## What needs to be done
All of the data should be copied exactly, with the pictures left out.

## Extracted entries

=====

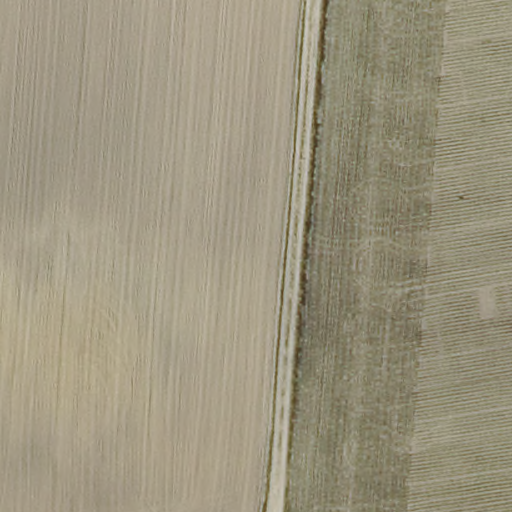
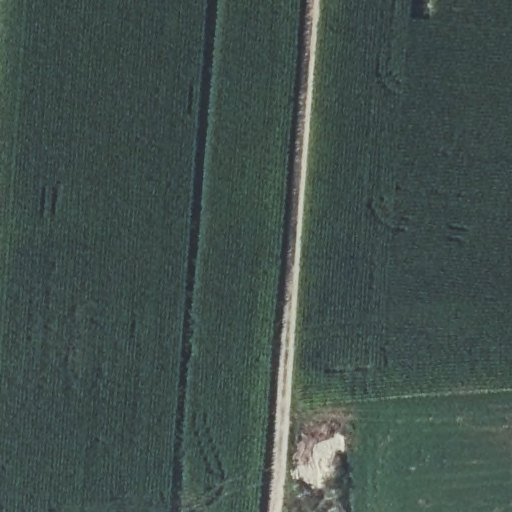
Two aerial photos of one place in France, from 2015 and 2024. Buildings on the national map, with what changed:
[]

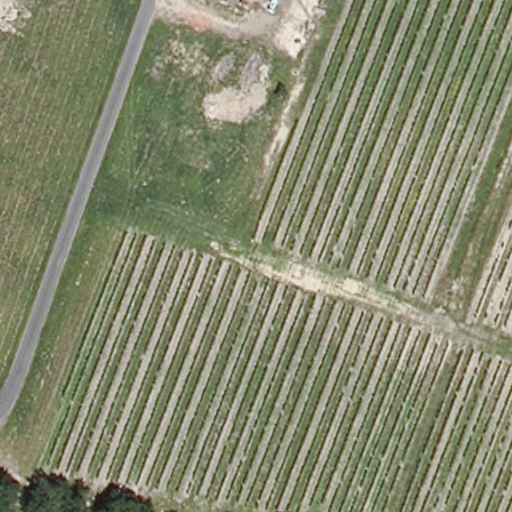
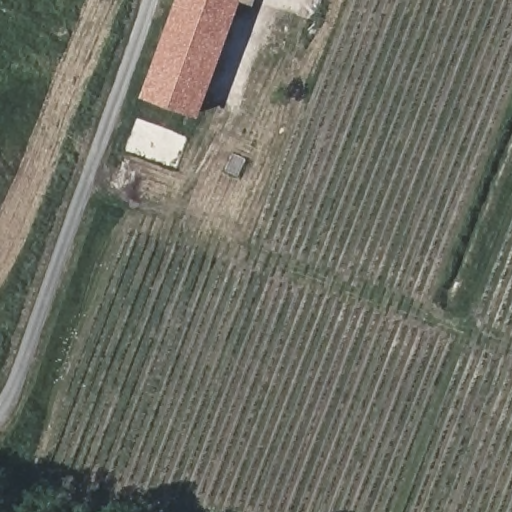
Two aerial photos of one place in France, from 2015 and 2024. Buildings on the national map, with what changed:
new [(199,117),(140,96),(177,0),(240,0),(199,117)]
unchanged [(264,3),(257,0),(265,0),(264,3)]

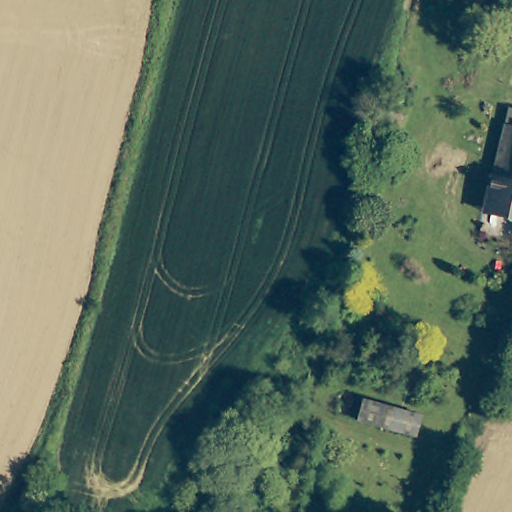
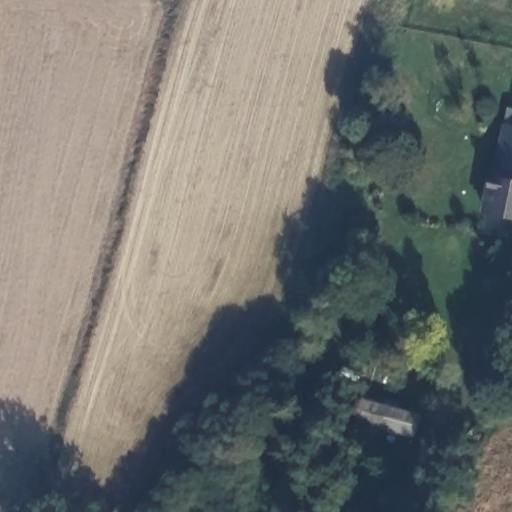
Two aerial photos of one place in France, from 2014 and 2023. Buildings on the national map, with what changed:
unchanged [(510,215),(492,212),(493,207),(497,191),(500,177),(502,178),(506,160),(512,128),(512,216),(510,215)]
unchanged [(412,437),(355,420),(357,411),(361,398),(365,399),(418,415),(412,437)]

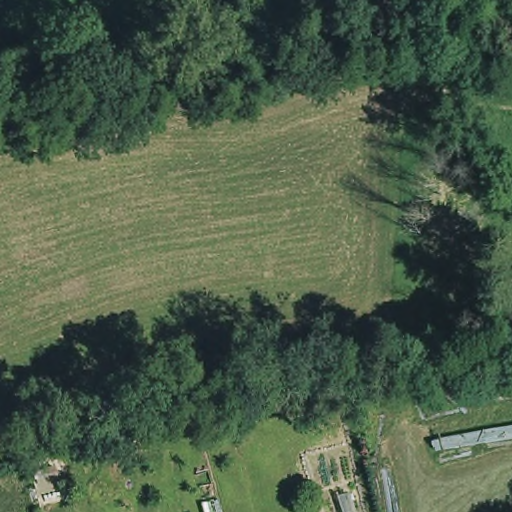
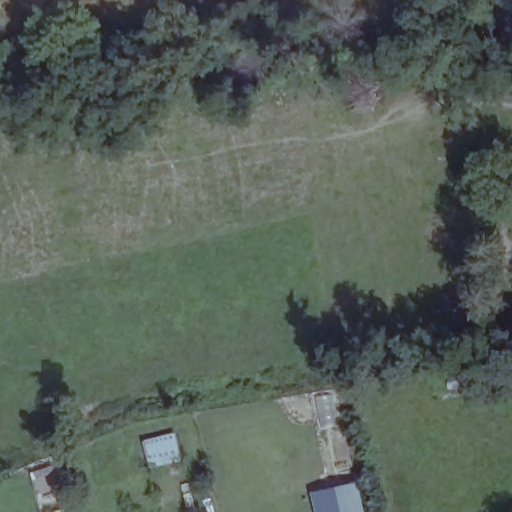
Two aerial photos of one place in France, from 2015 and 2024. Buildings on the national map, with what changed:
new [(354,483),(361,512),(314,512),(308,493),(354,483)]

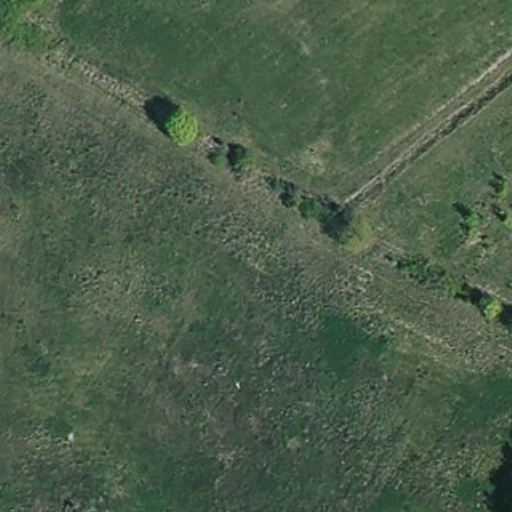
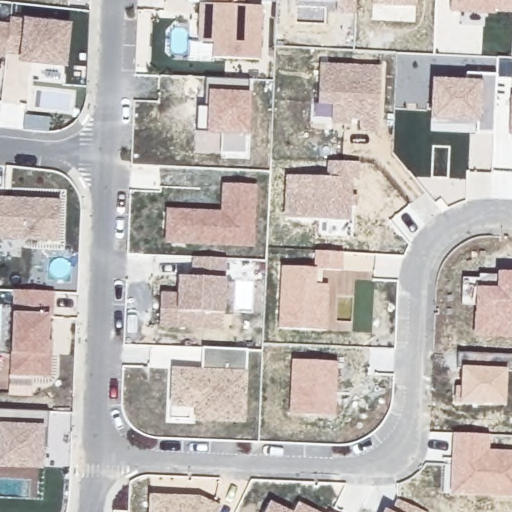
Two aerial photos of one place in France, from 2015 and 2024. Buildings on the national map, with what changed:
new [(261,6),(261,61),(212,57),(213,45),(198,43),(199,4),(206,4),(207,0),(245,0),(245,6),(261,6)]
new [(338,12),(338,1),(312,0),(356,0),(356,13),(338,12)]
new [(373,5),(373,0),(416,0),(416,6),(373,5)]
new [(10,20),(23,20),(70,24),(65,69),(18,64),(19,55),(6,53),(6,57),(0,56),(0,24),(10,26),(10,20)]
new [(360,121),(351,120),(351,125),(333,124),(333,106),(319,104),(321,64),(381,66),(377,132),(360,131),(360,121)]
new [(466,74),(496,74),(493,133),(476,132),(477,123),(431,121),(432,80),(467,81),(466,74)]
new [(221,136),(206,134),(206,132),(198,131),(198,107),(205,106),(206,80),(248,81),(246,94),(250,94),(248,136),(246,136),(246,155),(221,153),(221,136)]
new [(512,96),(512,135),(508,135),(511,96),(512,96)]
new [(326,178),(328,162),(360,163),(359,179),(353,179),(353,196),(358,196),(357,206),(351,206),(351,222),(285,217),(286,175),(326,178)]
new [(221,184),(257,185),(254,248),(165,244),(165,209),(221,210),(221,184)]
new [(58,239),(0,237),(0,196),(60,199),(58,239)]
new [(314,268),(316,251),(344,253),(343,270),(323,270),(322,285),(329,285),(326,329),(279,327),(282,267),(314,268)]
new [(160,326),(161,295),(178,295),(178,278),(193,278),(194,259),(225,260),(222,328),(160,326)]
new [(475,337),(476,317),(476,306),(462,305),(462,278),(479,279),(479,275),(497,276),(497,272),(512,273),(512,338),(475,337)]
new [(53,351),(50,377),(10,376),(11,354),(12,314),(13,290),(55,291),(55,316),(49,315),(48,350),(53,351)]
new [(245,422),(195,422),(196,408),(169,408),(171,368),(201,369),(202,348),(248,350),(247,371),(245,422)]
new [(458,369),(458,354),(512,355),(512,370),(506,369),(505,406),(461,403),(457,404),(457,387),(461,387),(461,368),(458,369)]
new [(338,363),(335,416),(289,413),(292,360),(338,363)]
new [(38,466),(0,464),(0,409),(48,411),(47,429),(46,446),(38,446),(38,466)]
new [(490,435),(489,450),(512,451),(512,498),(450,494),(454,433),(490,435)]
new [(218,512),(149,512),(150,495),(200,496),(221,506),(218,512)]
new [(398,500),(425,512),(391,512),(398,500)]
new [(271,502),(292,512),(265,512),(271,502)]
new [(299,503),(318,512),(294,512),(299,503)]
new [(390,512),(383,512),(385,509),(390,512)]

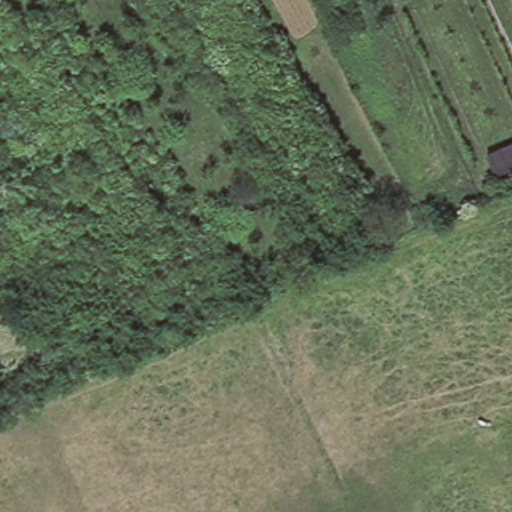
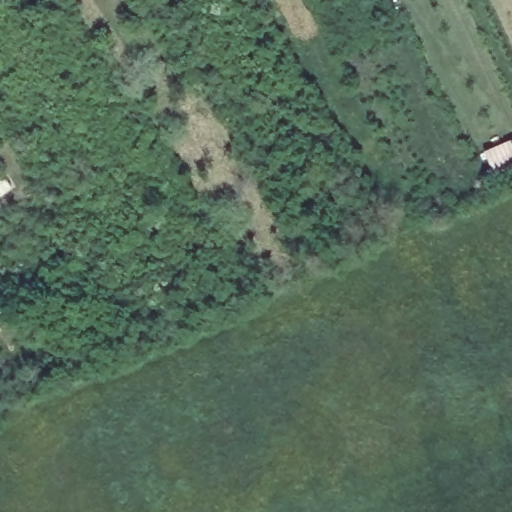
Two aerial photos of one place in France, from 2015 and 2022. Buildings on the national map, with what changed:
unchanged [(478,152),(512,138),(512,164),(485,176),(478,152)]

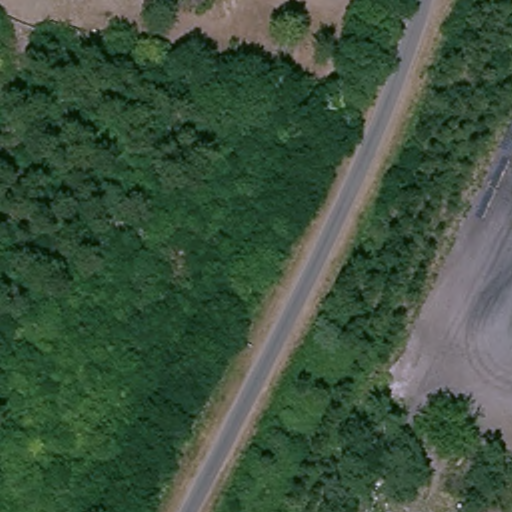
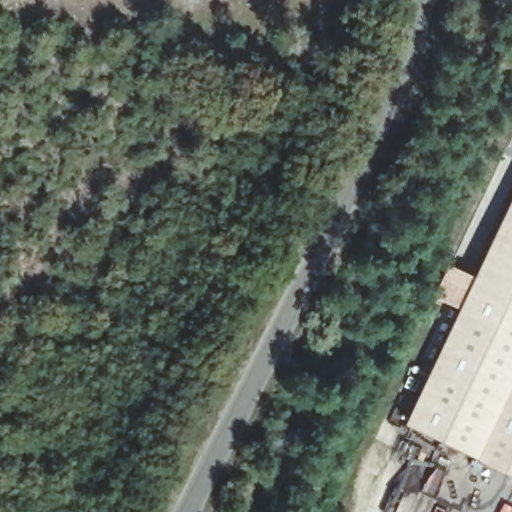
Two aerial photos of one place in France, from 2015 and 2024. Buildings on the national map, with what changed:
new [(404,425),(512,199),(512,475),(404,425)]

=====

## Exercise result
Two aerial photos of one place in France, from 2015 and 2024. Buildings on the national map, with what changed:
[]

Two aerial photos of one place in France, from 2015 and 2024. Buildings on the national map, with what changed:
new [(199,117),(140,96),(177,0),(240,0),(199,117)]
unchanged [(264,3),(257,0),(265,0),(264,3)]

Two aerial photos of one place in France, from 2014 and 2023. Buildings on the national map, with what changed:
unchanged [(510,215),(492,212),(493,207),(497,191),(500,177),(502,178),(506,160),(512,128),(512,216),(510,215)]
unchanged [(412,437),(355,420),(357,411),(361,398),(365,399),(418,415),(412,437)]

Two aerial photos of one place in France, from 2015 and 2024. Buildings on the national map, with what changed:
new [(354,483),(361,512),(314,512),(308,493),(354,483)]

Two aerial photos of one place in France, from 2015 and 2024. Buildings on the national map, with what changed:
new [(261,6),(261,61),(212,57),(213,45),(198,43),(199,4),(206,4),(207,0),(245,0),(245,6),(261,6)]
new [(338,12),(338,1),(312,0),(356,0),(356,13),(338,12)]
new [(373,5),(373,0),(416,0),(416,6),(373,5)]
new [(10,20),(23,20),(70,24),(65,69),(18,64),(19,55),(6,53),(6,57),(0,56),(0,24),(10,26),(10,20)]
new [(360,121),(351,120),(351,125),(333,124),(333,106),(319,104),(321,64),(381,66),(377,132),(360,131),(360,121)]
new [(466,74),(496,74),(493,133),(476,132),(477,123),(431,121),(432,80),(467,81),(466,74)]
new [(221,136),(206,134),(206,132),(198,131),(198,107),(205,106),(206,80),(248,81),(246,94),(250,94),(248,136),(246,136),(246,155),(221,153),(221,136)]
new [(512,96),(512,135),(508,135),(511,96),(512,96)]
new [(326,178),(328,162),(360,163),(359,179),(353,179),(353,196),(358,196),(357,206),(351,206),(351,222),(285,217),(286,175),(326,178)]
new [(221,184),(257,185),(254,248),(165,244),(165,209),(221,210),(221,184)]
new [(58,239),(0,237),(0,196),(60,199),(58,239)]
new [(314,268),(316,251),(344,253),(343,270),(323,270),(322,285),(329,285),(326,329),(279,327),(282,267),(314,268)]
new [(160,326),(161,295),(178,295),(178,278),(193,278),(194,259),(225,260),(222,328),(160,326)]
new [(475,337),(476,317),(476,306),(462,305),(462,278),(479,279),(479,275),(497,276),(497,272),(512,273),(512,338),(475,337)]
new [(53,351),(50,377),(10,376),(11,354),(12,314),(13,290),(55,291),(55,316),(49,315),(48,350),(53,351)]
new [(245,422),(195,422),(196,408),(169,408),(171,368),(201,369),(202,348),(248,350),(247,371),(245,422)]
new [(458,369),(458,354),(512,355),(512,370),(506,369),(505,406),(461,403),(457,404),(457,387),(461,387),(461,368),(458,369)]
new [(338,363),(335,416),(289,413),(292,360),(338,363)]
new [(38,466),(0,464),(0,409),(48,411),(47,429),(46,446),(38,446),(38,466)]
new [(490,435),(489,450),(512,451),(512,498),(450,494),(454,433),(490,435)]
new [(218,512),(149,512),(150,495),(200,496),(221,506),(218,512)]
new [(398,500),(425,512),(391,512),(398,500)]
new [(271,502),(292,512),(265,512),(271,502)]
new [(299,503),(318,512),(294,512),(299,503)]
new [(390,512),(383,512),(385,509),(390,512)]

Two aerial photos of one place in France, from 2015 and 2022. Buildings on the national map, with what changed:
unchanged [(478,152),(512,138),(512,164),(485,176),(478,152)]

Two aerial photos of one place in France, from 2015 and 2024. Buildings on the national map, with what changed:
new [(404,425),(512,199),(512,475),(404,425)]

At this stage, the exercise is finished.